# Is Christian Guzman natty or not?



## LDVinny (May 16, 2016)

The reason i ask is because according to the internets he is 72Kg at 6 foot, i mean he looks like he should weigh at least 80kg. Is it possible to get a similar physique naturally?


----------



## Jordan08 (Feb 17, 2014)

Yes.


----------



## banzi (Mar 9, 2014)

these threads are tedious and pointless.


----------



## ScottishHero22 (Nov 4, 2015)

if he's natty he's done well


----------



## UlsterRugby (Nov 16, 2014)

These threads are popping up just as much as an anavar thread before summer to cut up. Very much doubt any of these social media generation are natty. A slack handful at best but why do you care


----------



## Sphinkter (Apr 10, 2015)

In before @Natty Steve'o says he looked better at 17..


----------



## MjSingh92 (May 18, 2016)

i think he is natty


----------



## MickeyE (Sep 17, 2015)

LDVinny said:


> The reason i ask is because according to the internets he is 72Kg at 6 foot, i mean he looks like he should weigh at least 80kg. Is it possible to get a similar physique naturally?
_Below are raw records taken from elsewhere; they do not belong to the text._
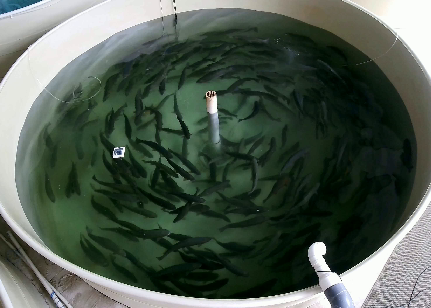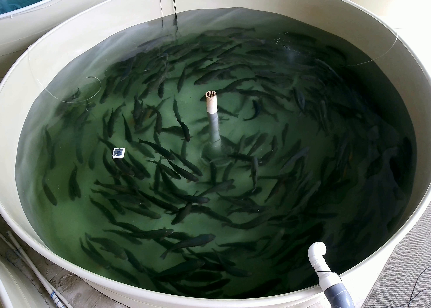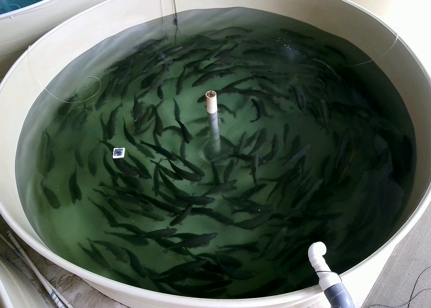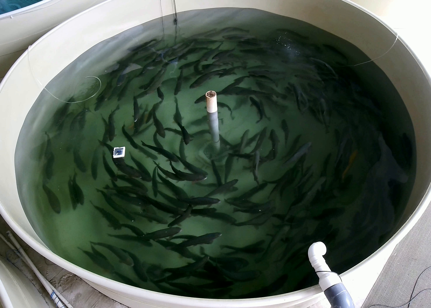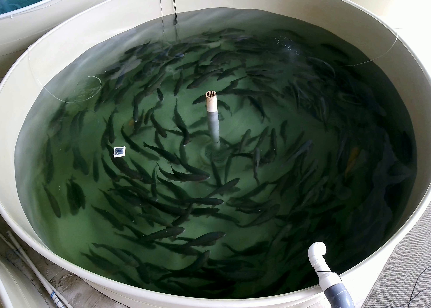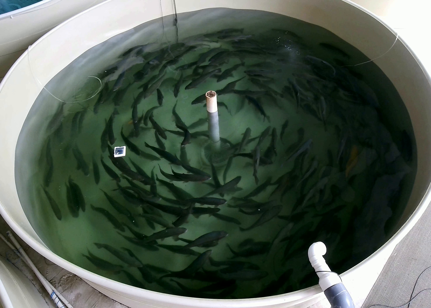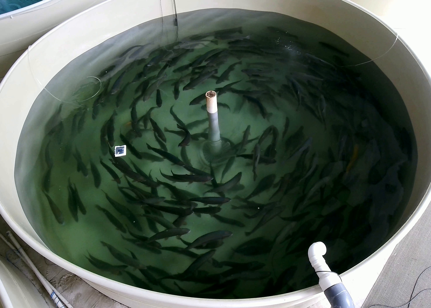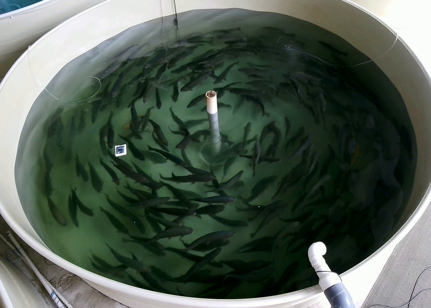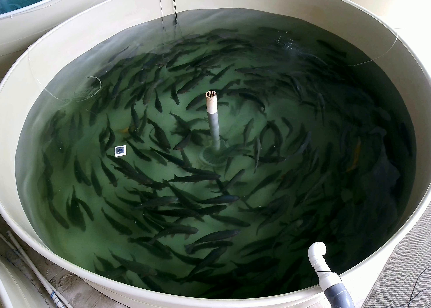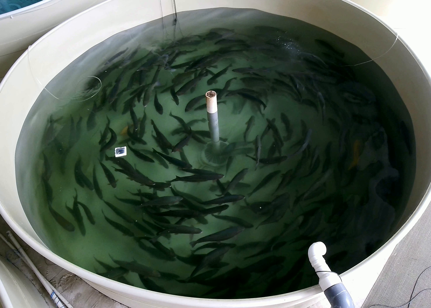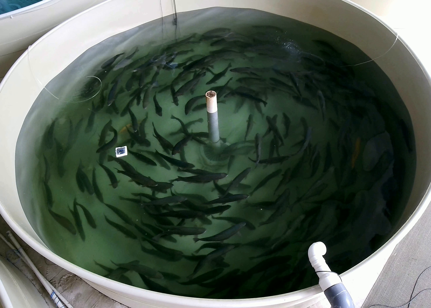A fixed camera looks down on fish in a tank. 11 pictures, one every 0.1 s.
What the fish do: Normal cruising.
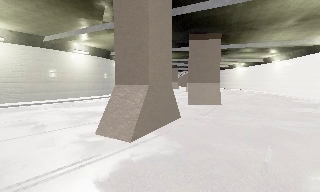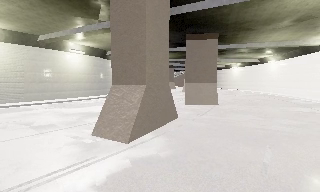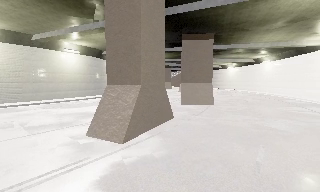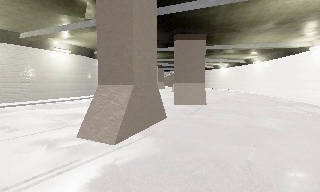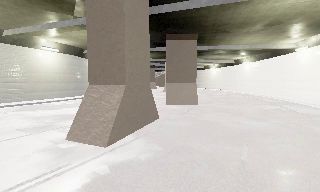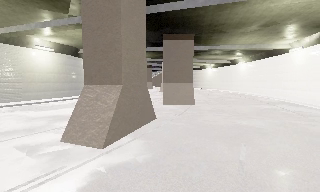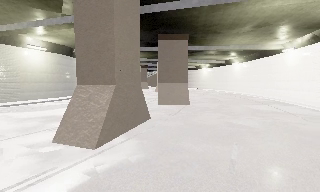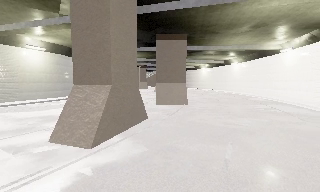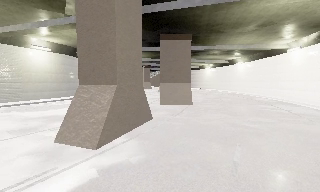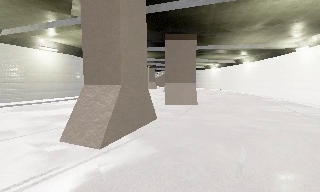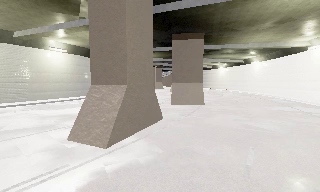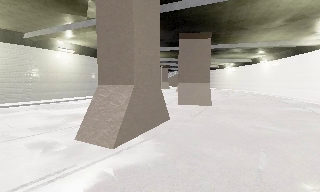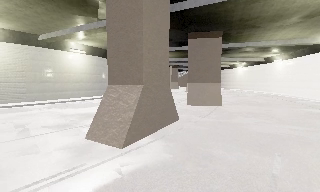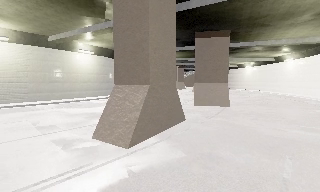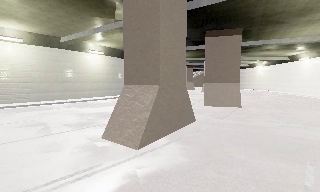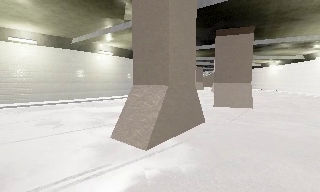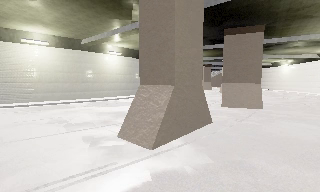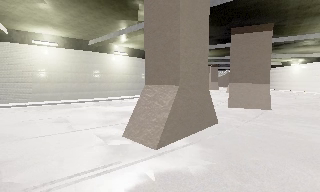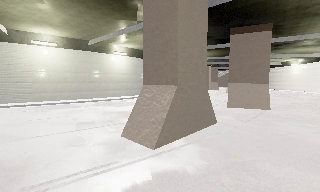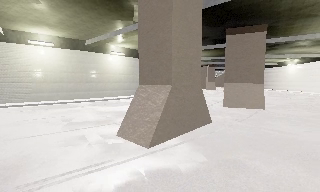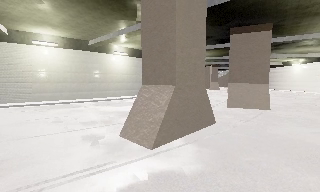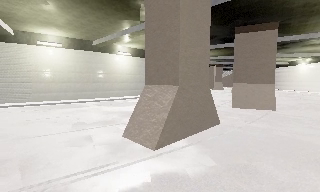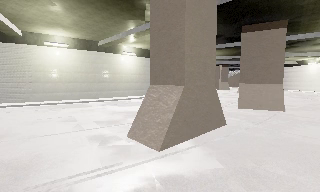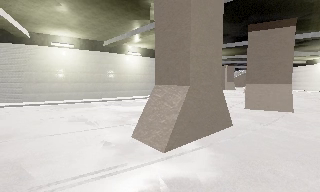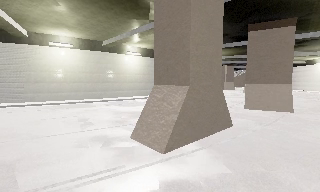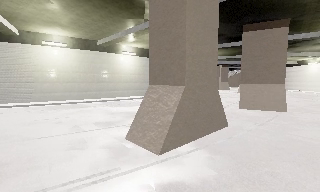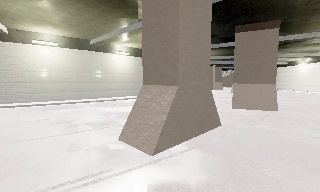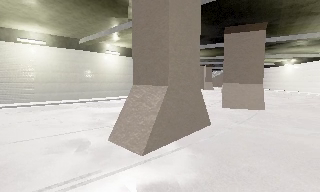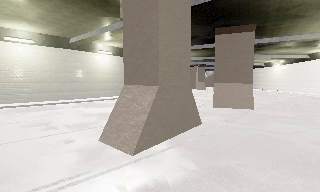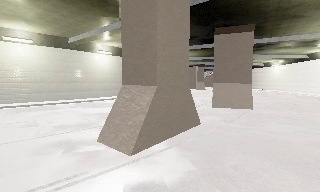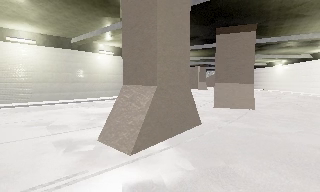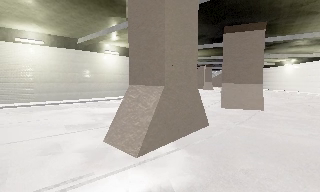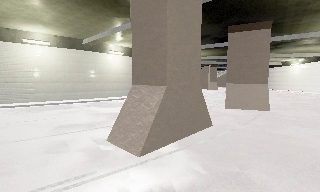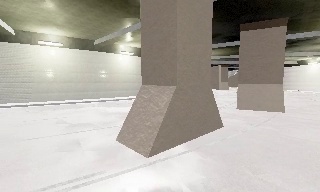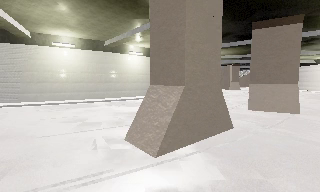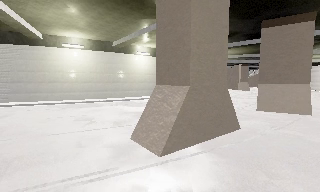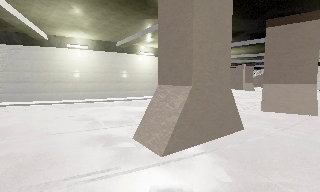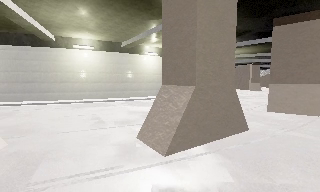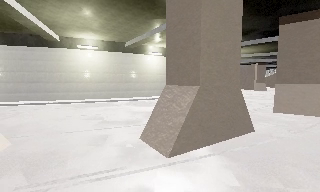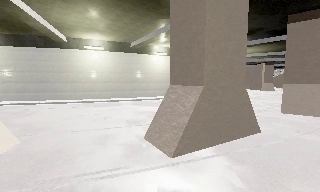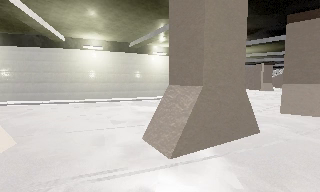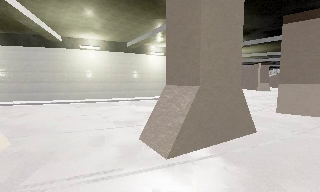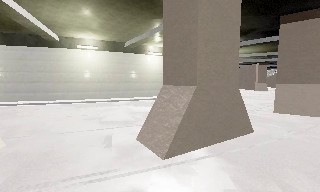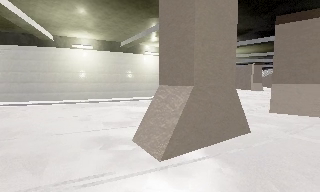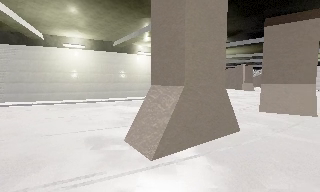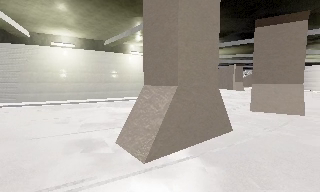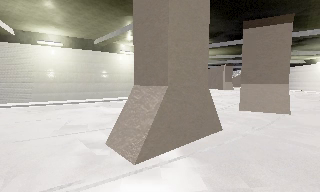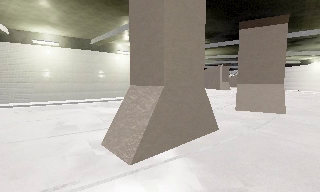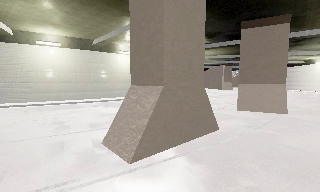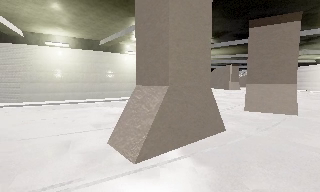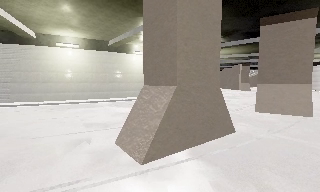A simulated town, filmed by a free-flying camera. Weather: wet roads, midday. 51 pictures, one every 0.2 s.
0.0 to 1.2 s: The scene slides to the left, as the camera pans about 10 degrees to its right.
1.2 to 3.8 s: The camera pans to its left, which is counterclockwise from overhead, by about 25 degrees.
3.8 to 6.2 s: The camera travels forward, about 0.5 m, so what stands in front looms larger.
6.2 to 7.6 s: The camera pans to its left, which is counterclockwise from overhead, by about 15 degrees.
7.6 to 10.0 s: The camera shifts only a little, or ends up much as it began.
The film runs forward here.

 Just googled who he is. Looking at pics and going on him being 72kg as you say, yes I think it is possible that he is natty (that's not to say he definitely is though)

Is it possible for you to get a similar physique to him naturally? Yes if you have similar genetics. If you don't have similar genetics then no.


----------



## Big ape (May 5, 2011)

Op definitely went bodypower weekend and has now become a fan boy lol


----------



## DappaDonDave (Dec 2, 2013)

Who cares, he works hard and has a huge following


----------



## LDVinny (May 16, 2016)

It matters because if his physique is not achievable naturally it may mean id have to use other "supps"



DappaDonDave said:


> Who cares, he works hard and has a huge following


 i don't doubt that


----------



## Mergal (Nov 7, 2013)

get on the tren brah


----------



## DappaDonDave (Dec 2, 2013)

LDVinny said:


> It matters because if his physique is not achievable naturally it may mean id have to use other "supps"
> 
> i don't doubt that


 You're not him, you need to do what you need to do, not what he does.


----------



## Smokey13 (Jul 29, 2013)

It sounds like you are looking for a reason to jump on the sauce? Reason being you would like to look like Guzman.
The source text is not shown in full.